Malory didn't call it the lusty month for nothing. Where most of us see a calming idyll of gentle petals and soft, wafting breezes, those in the know, ecologists, see a glorious, grotesque battleground, fuelled by lust and the terrible genetic imperative to survive. Understanding all the different actors in that strange, salacious drama is what ecology is all about.

It is an increasingly hot topic. Ecologists are leading research into the effect of global warming, building models that can predict what will happen to our environment as things begin to hot up.

The rising status of the profession has been demonstrated by more ecologists being appointed to top scientific positions, most notably with Lord May's tenure as Chief Scientific Adviser from 1995 to 2000.

Most people develop an interest in ecology at a young age, but, partly because of its relative obscurity, often only consider it as a career later on. Lord May is a convert from physics. Dr Bill Kunin, reader in spatial ecology at Leeds University, became interested as a student, when he took a field ecology course to prepare him for a summer job at a holiday camp. It was, he says, something of an epiphany.

"All of a sudden nature wasn't just natural history facts, it all made sense," he says. "It wasn't just this gets eaten by that, but why this gets eaten by that. Ecology is about asking questions about the dynamics of that system. Why things work in the way they do."

Obviously, the first qualification to study ecology is an interest in the natural world. Ecology is on the boundaries between biology and geography, and most applicants will have A-levels in both subjects.

So, if you are interested, what should you be looking for on a course? Beyond university rankings, one important factor is fieldwork. Some universities have been cutting back on this, because it is expensive to run. Some ecologists are up in arms: fieldwork, they say, is the heart and soul of the subject. Dr Kunin agrees. "People learn more in a week or two in the field than in a semester in a classroom," he says.

Nick Crumpton, 20, a second-year ecologist at Leeds, is of the same mind. "The best aspect of the course has been the fieldwork," he says. "It's just so much fun to use everything we've been learning and apply it in a real scientific way. It was like watching a David Attenborough programme but you're part of it. I'm still buzzing from it."

Crumpton has just got back from a field trip in Gibraltar, studying how Iberian wall lizards deal with predators, how much basking in the sun they need to stay warm while hiding, and whether they learn evasive strategies.

Crumpton started an ecology course as a reaction against the supremacy of genetics in biology. "I wanted to study the larger scope of biology," he says. "Although ecology deals in genetic ideas you still have to bear in mind classical biology. It appeals to the romantic idea of a biologist."

The study of ecology can lead to a range of specialised jobs, from countryside ranger and NGO work, to employment in research, education and policy, or as an ecological consultant. For most professional ecologists, the choice is between working in the field on a particular species or area, or working in policy, helping policymakers make informed decisions by reviewing primary ecological research on questions such as the effect of wind turbines on bird populations.

Dr Zoe Davies, 27, works in policy. After completing a PhD on the effects of climate change on the silver-spotted skipper butterfly, Davies is now a research fellow at the Centre for Evidence-Based Conservation at Birmingham University.
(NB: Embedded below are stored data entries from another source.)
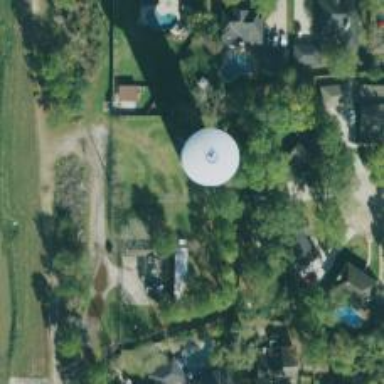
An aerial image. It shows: Water tower that is man-made.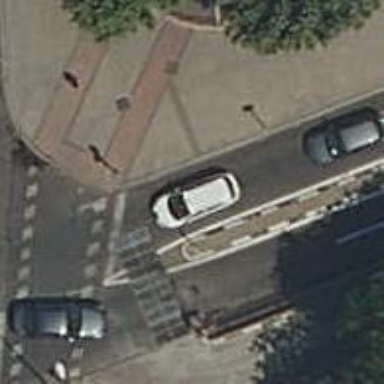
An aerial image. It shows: Road with traffic signals.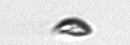
Label: Cryptophyta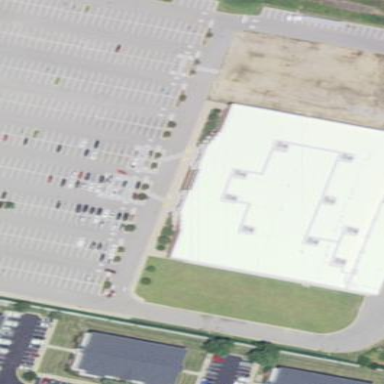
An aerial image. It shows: Department store building.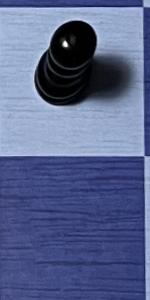
Label: Empty
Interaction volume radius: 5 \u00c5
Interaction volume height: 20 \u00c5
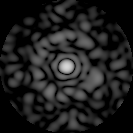
Disorder parameter: 0.8335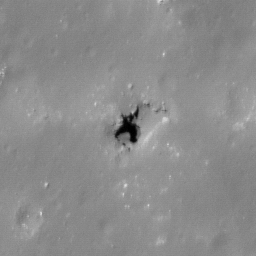
Pit: Jackson 2a
Host crater: Jackson
Host type: impact_melt
Lunar coordinates: latitude 22.497, longitude 196.281
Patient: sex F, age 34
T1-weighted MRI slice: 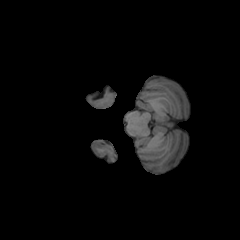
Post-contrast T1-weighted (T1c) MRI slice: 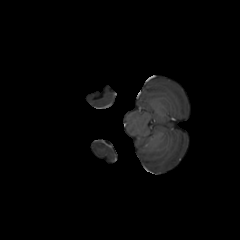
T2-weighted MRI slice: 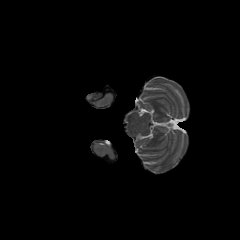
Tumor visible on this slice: no
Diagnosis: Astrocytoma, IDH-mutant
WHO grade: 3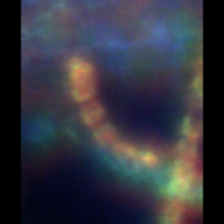
Taxon: Diatom_aggregate
Group: Diatoms
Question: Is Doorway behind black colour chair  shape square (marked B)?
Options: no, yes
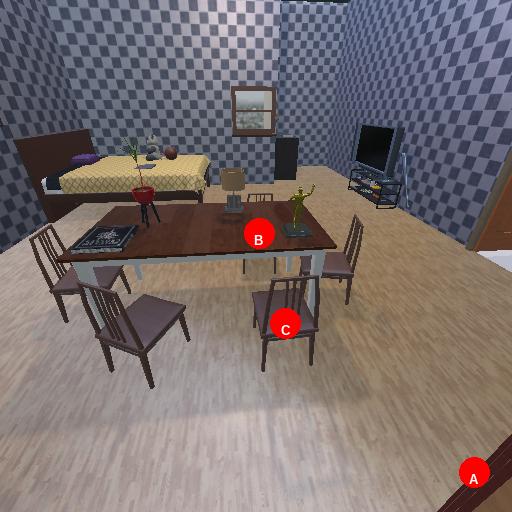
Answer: no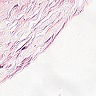
Metastatic tissue present: no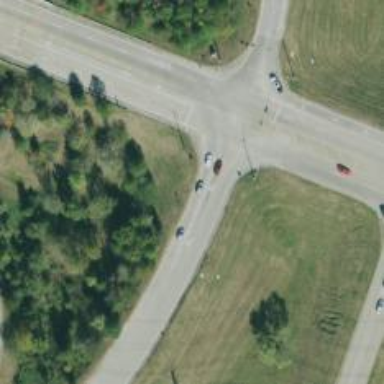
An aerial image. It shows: Secondary link road.

"I love it," she says. "I get a lot of stick from friends doing white-collar jobs who earn much more money than me, but I wouldn't swap my job for anything. It's amazing that you can use ecological theory to predict what's happening around you."

Davies's advice for aspiring ecologists is this: "Get as much experience as you can," she says. "Get out into the field, learn how to identify things, ask why this affects that. Be inquisitive."